Графиня рассмеялась, соглашаясь с последним утверждением. Ее приемный сын стал грамотным благодаря непреклонному упорству, проявленному как ею самой, так и священниками. Однако Адам так и не освоил чистописание. Его буквы с раздражающим постоянством расползались по пергаменту вкривь и вкось.
— Никаких оправданий, — сурово заметила графиня. — Я уверена, ты мог найти писца.
— А вот я не уверен, — сухо вставил Гийон.

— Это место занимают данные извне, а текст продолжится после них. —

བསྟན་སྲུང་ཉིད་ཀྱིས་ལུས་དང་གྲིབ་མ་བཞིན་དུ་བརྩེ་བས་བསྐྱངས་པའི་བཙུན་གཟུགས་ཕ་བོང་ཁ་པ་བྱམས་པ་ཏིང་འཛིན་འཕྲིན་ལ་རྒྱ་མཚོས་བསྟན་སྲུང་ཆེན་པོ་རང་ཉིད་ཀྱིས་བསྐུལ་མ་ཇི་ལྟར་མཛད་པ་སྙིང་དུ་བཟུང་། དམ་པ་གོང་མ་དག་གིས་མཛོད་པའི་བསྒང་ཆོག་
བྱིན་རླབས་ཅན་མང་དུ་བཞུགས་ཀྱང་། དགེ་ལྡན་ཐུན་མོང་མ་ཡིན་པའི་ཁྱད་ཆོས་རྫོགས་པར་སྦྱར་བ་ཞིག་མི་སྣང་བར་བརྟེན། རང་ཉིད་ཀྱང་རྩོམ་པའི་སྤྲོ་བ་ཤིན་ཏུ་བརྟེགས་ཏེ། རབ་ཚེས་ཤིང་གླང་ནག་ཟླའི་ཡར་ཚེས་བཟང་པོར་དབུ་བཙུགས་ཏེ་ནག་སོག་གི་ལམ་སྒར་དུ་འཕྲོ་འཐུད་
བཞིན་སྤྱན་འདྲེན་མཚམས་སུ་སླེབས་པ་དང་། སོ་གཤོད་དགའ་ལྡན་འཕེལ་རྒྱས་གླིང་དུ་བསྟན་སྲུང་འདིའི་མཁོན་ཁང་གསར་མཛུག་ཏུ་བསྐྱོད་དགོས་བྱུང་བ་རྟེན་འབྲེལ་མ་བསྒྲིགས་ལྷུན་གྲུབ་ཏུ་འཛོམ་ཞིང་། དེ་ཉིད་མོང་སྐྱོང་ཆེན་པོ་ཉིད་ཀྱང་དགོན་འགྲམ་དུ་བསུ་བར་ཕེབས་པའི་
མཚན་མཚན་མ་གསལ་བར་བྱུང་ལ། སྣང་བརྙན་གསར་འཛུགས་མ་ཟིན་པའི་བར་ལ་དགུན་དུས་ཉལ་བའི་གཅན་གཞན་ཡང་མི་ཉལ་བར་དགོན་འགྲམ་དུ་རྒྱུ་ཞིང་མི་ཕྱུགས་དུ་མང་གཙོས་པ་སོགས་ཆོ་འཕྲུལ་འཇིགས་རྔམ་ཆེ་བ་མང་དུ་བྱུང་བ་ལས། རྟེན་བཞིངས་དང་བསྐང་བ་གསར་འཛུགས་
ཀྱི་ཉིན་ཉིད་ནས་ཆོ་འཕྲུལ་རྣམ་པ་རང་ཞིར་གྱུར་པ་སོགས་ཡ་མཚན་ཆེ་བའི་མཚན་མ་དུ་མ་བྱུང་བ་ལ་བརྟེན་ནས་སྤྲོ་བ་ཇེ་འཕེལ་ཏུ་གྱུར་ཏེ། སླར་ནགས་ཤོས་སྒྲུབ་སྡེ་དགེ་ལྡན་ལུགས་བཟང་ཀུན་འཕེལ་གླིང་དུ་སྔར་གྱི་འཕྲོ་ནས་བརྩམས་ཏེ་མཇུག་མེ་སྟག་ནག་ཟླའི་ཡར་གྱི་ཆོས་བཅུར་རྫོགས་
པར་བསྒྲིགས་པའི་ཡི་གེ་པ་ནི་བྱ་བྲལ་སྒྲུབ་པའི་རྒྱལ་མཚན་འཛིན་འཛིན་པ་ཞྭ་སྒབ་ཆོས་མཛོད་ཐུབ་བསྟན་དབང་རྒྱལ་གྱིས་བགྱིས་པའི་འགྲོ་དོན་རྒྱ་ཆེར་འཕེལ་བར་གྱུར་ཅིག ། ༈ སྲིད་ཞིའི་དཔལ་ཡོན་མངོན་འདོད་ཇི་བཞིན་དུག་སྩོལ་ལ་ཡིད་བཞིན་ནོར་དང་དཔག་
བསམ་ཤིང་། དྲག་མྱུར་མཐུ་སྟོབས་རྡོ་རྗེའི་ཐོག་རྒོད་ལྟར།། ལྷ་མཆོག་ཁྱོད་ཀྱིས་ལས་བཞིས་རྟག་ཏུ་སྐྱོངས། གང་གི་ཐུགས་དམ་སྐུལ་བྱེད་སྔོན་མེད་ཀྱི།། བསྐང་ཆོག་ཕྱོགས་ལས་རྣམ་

Адам пытался притвориться удрученным, впрочем, без особого успеха.
— Виноват, раскаиваюсь.
— Ладно, — с легким раздражением бросила Джудит, на мгновение напомнив Адаму ее единокровную сестру-императрицу. — А почему ты устремился к тишине и покою дома вместо того, чтобы красоваться при дворе?
Адам в недоумении развел руками.
— Моя миссия завершилась, и король отпустил до Рождества, чтобы я смог побывать в родных краях.
— Так, значит, он снова в Англии? — Джудит взяла Адама под руку и повела его в сторону центральной башни замка. — Мы слышали только, что он направился в Руан.
— Да, и был в прекрасном расположении духа. В моем багаже письма к вам и вашему мужу.
Графиня Равенстоу вздохнула и печально оглянулась на мужа. Письма от Генриха редко были написаны ради личного общения. Гораздо чаще в них содержались распоряжения или раздраженные жалобы, которые обычно удостаивались весьма саркастических высказываний мужа графини, вынужденного прочитывать эти послания.
— Нельзя ли отложить письма на более позднее время, скажем, после ужина? — с надеждой спросила она.
Гийон скептически рассмеялся.
— Так или иначе, они либо испортят мне ужин, либо повредят пищеварению. Какая разница?
Джудит метнула на мужа сердитый взгляд.
— Разница в том, что ты мог бы спокойно подождать, пока Адам разберет свои вещи. Будь там срочные новости, я уверена, он сразу бы их тебе вручил.
— Ладно, хватит, а то совсем меня запилишь! — жалобно протянул Гийон, изображая жестами, как несправедливо поступает с ним сварливая жена, но при этом весело улыбаясь.
Графиня изумленно прищурилась.
— Неужели не ясно, что ты этого заслуживаешь? — Она оглядела зал. — Где Ренард?